Search code examples
pythonscaleminmax

How to find the number of rows and columns in a MinMaxScaler object?


I made a dataframe of a csv file and passed it into train_test_split and then used MinMaxScaler to scale the whole X and Y dataframes but now I want to know the basic number of rows and columns but can't.

df=pd.read_csv("cancer_classification.csv")
from sklearn.model_selection import train_test_split
X = df.drop("benign_0__mal_1",axis=1).values
y = df["benign_0__mal_1"].values
X_train, X_test, y_train, y_test = train_test_split(X, y, test_size=0.33, random_state=42)
from sklearn.preprocessing import MinMaxScaler
scaler = MinMaxScaler()
X_train = scaler.fit(X_train)
X_test = scaler.fit(X_test)
X_train.shape

this is throwing the following error

AttributeError Traceback (most recent call last) in () ----> 1 X_train.shape

AttributeError: 'MinMaxScaler' object has no attribute 'shape'

I read the documentation and was able to find the number of rows using scale_ but not to find the columns. this is how the answer should look like but I was not able to find an attribute that can help enter image description here


Solution

  • MinMaxScaler is an object that can fit itself to certain data and also transform that data.

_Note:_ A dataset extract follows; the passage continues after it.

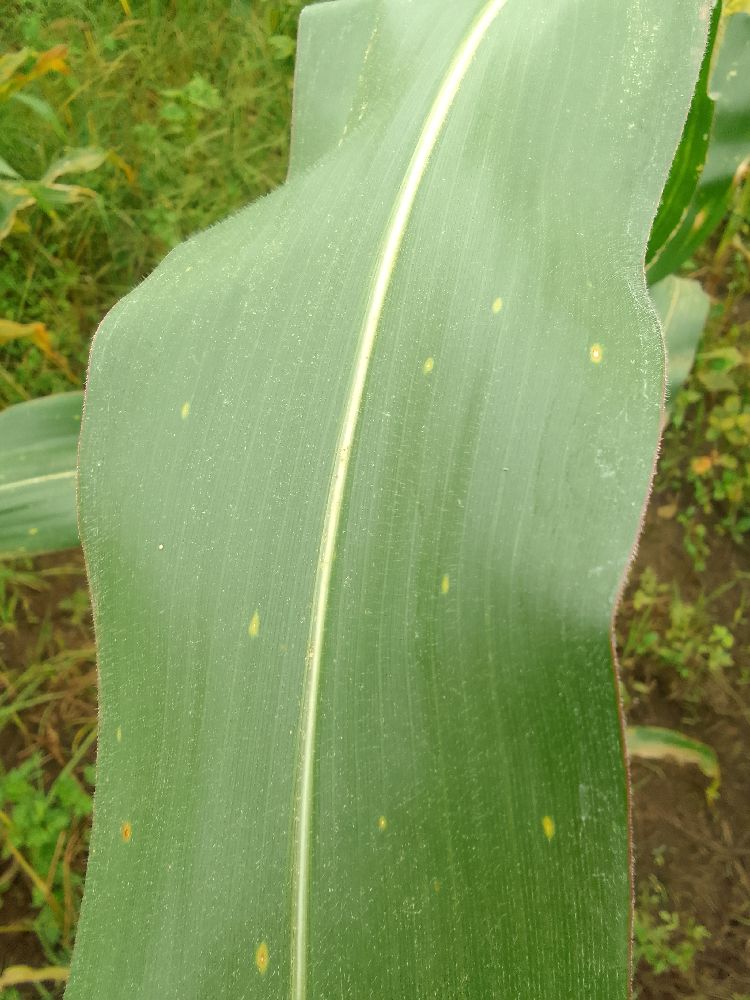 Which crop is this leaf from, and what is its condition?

maize, healthy

There are

    • The fit method fits the scaler's parameters to that data. It then returns the MinMaxScaler object
    • The transforms method transforms data based on the scaler's fitted parameters. It then returns the transformed data.
    • The fit_transform method first fits the scaler to that data, then transforms it and returns the transformed version of the data.

    In your example, you are treating the MinMaxScaler object itself as the data! (see 1st bullet point)

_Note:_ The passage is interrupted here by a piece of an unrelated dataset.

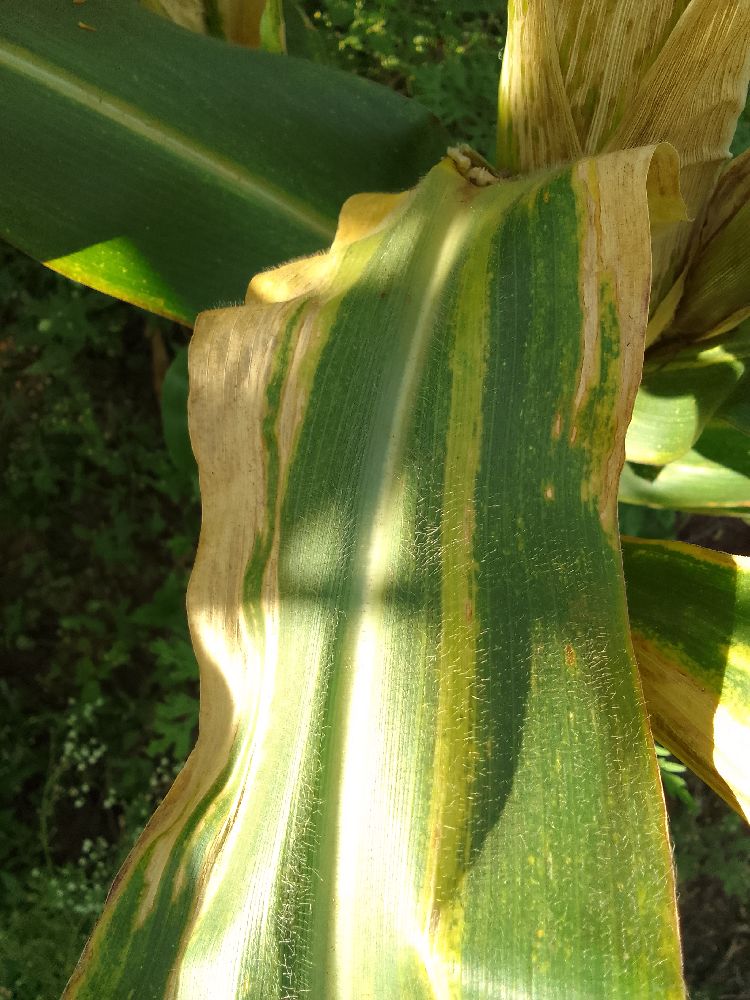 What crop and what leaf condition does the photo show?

maize, maize lethal necrosis

    The same MinMaxScaler shouldn't be fitted twice on different dataset since its internal values will be changed. You should never fit a minmaxscaler on the test dataset since that's a way of leaking test data into your model. What you should be doing is fit_transform() on the training data and transform() on the test data.

    The answer here may also help this explanation: fit-transform on training data and transform on test data

    When you call StandardScaler.fit(X_train), what it does is calculate the mean and variance from the values in X_train. Then calling .transform() will transform all of the features by subtracting the mean and dividing by the variance. For convenience, these two function calls can be done in one step using fit_transform().

    The reason you want to fit the scaler using only the training data is because you don't want to bias your model with information from the test data.

    If you fit() to your test data, you'd compute a new mean and variance for each feature. In theory these values may be very similar if your test and train sets have the same distribution, but in practice this is typically not the case.

    Instead, you want to only transform the test data by using the parameters computed on the training data.